Leaving on a Jet Plane... or Not...
I’ve been feeling a bit awful about the environment. Recently, the news has been saturated with dire predictions of global warming and accusing all of us who fly regularly of killing off Third World crops and murdering polar bears. I’m not too bad, as far as environmental conscience goes: I don’t drive, nor leave my cell phone charger plugged in or TV on standby and I faithfully recycle (I even set an ex up with a friend recently). But the flying thing, I can’t get past. Last year, I went on no less than 16 plane journeys (counting the outbound and return as two), none of them really necessary if we are to be strict about it. Travel is the greatest passion in my life, I sometimes feel overwhelmed by how much of the globe I have yet to see. But if my zipping off with my seatbelt on whenever seated in case of unexpected turbulence is going to destroy parts of the globe I have yet to see, maybe I should just stay at home and sit quietly on my hands? When it comes to long haul travel, it’s not as though there is much choice. The quickest way to get to Australia while remaining in contact with Earth is by cargo ship (which doesn’t sound to me as though it’d have movies or individual chocolates with a cup of tea) and it takes at least 36 days. 36 days! My plans for 2007 do include a trip Down Under, but try as I might, I can’t find a spare couple of months for the journey there and back.

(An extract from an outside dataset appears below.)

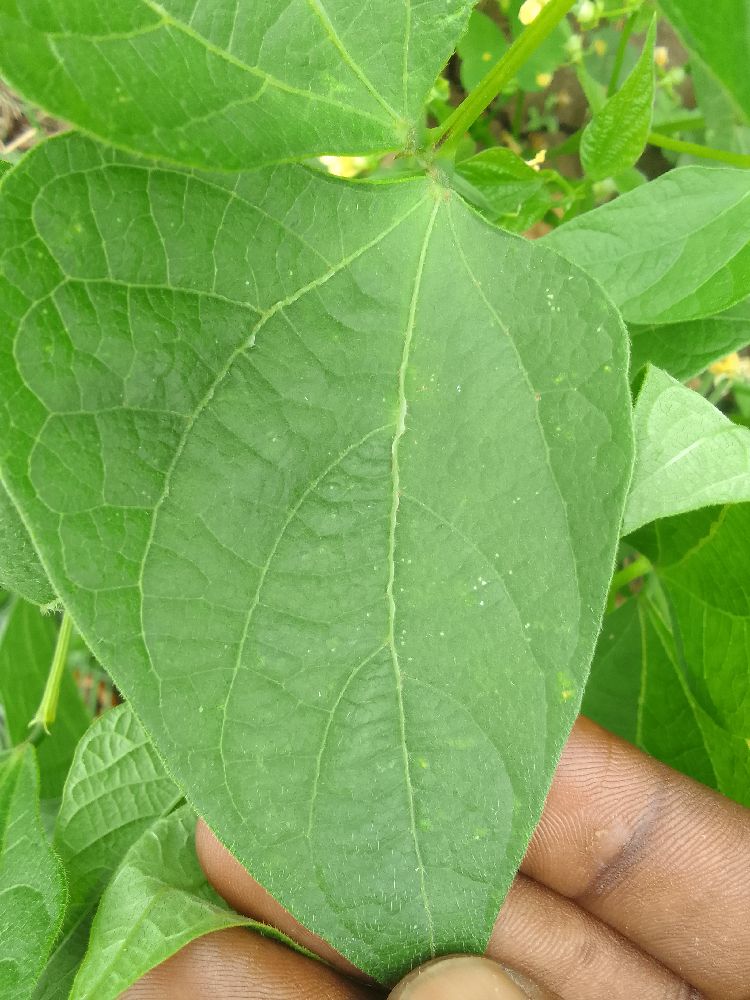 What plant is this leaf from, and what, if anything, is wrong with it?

common bean, healthy

The worst part is, it’s not even as though I enjoy flying - I generally see it as a necessary evil between me and wherever I want to go. I am not a very good air passenger. During my outbound flight to Australia last summer, I got out of my seat in an attempt to alleviate claustrophobia, asked one of the cabin crew for some iced water and promptly fainted in the aisle, spectacularly depositing the iced water over an unfortunate row of people. Which doesn’t even compare to the time I was on my way to Vancouver, happily glugging back litres of water in an attempt to attain peachy perfect skin despite the 9 ½ hours in a pressurised cabin, when we hit some turbulence. Fairly bad turbulence, bad enough to necessitate the seat belt light going on for 40 minutes. Which is a long time by anyone’s standards, but trust me, it’s an eternity when you’ve just gulped no less than 2 litres of water. Finally, having resorted to undoing my jeans to ease the mountainous pressure on my bladder and squirming like never before, the seat belt light flicked off and I dashed out of my seat like, as they say, a bat out of hell. Relief was sweet - but also brief as the seat belt light flicked back on seconds after I’d sat down, and seconds after that, the plane plummeted so sharply that I was catapulted off the toilet and slammed in to the door with such force that I saw stars and my nose started to bleed. Which was bad enough, until I remind you what activity I’d been engaged in before the world fell from under me, and share that blood wasn’t the only bodily fluid lavishly sprayed all over the cubicle and my clothes. When I was about five, I wet myself at school and was sent home with my knickers in a paper bag, but never had I experienced sitting through the remaining four hours of the flight, an inevitable interrogation at Canadian Immigration then a taxi to my apartment in the West End in the same state. As I stared around with an indescribable horror, there was a knock on the door and a member of the cabin crew helpfully informed me that I had to go back to my seat as “we were experiencing some turbulence.” In the end, I got through the flight, the airport, and the taxi home… wearing a pair of pyjamas from First Class. Which is probably the closest I’ll ever get to flying First Class.
So anyway. I’ve decided to give up short-haul flights. The rail system on the continent is fantastic, in fact, I’ve worked out that if you include journey to and from the airport, plus all the checking-in and security rigmarole, it’ll only take me a couple more hours to reach my parents’ in Geneva by Eurostar and TGV from Paris. Whether that will really do enough to reduce my carbon foot print I can’t be sure, but at least I will get to finish the journey wearing my own clothes.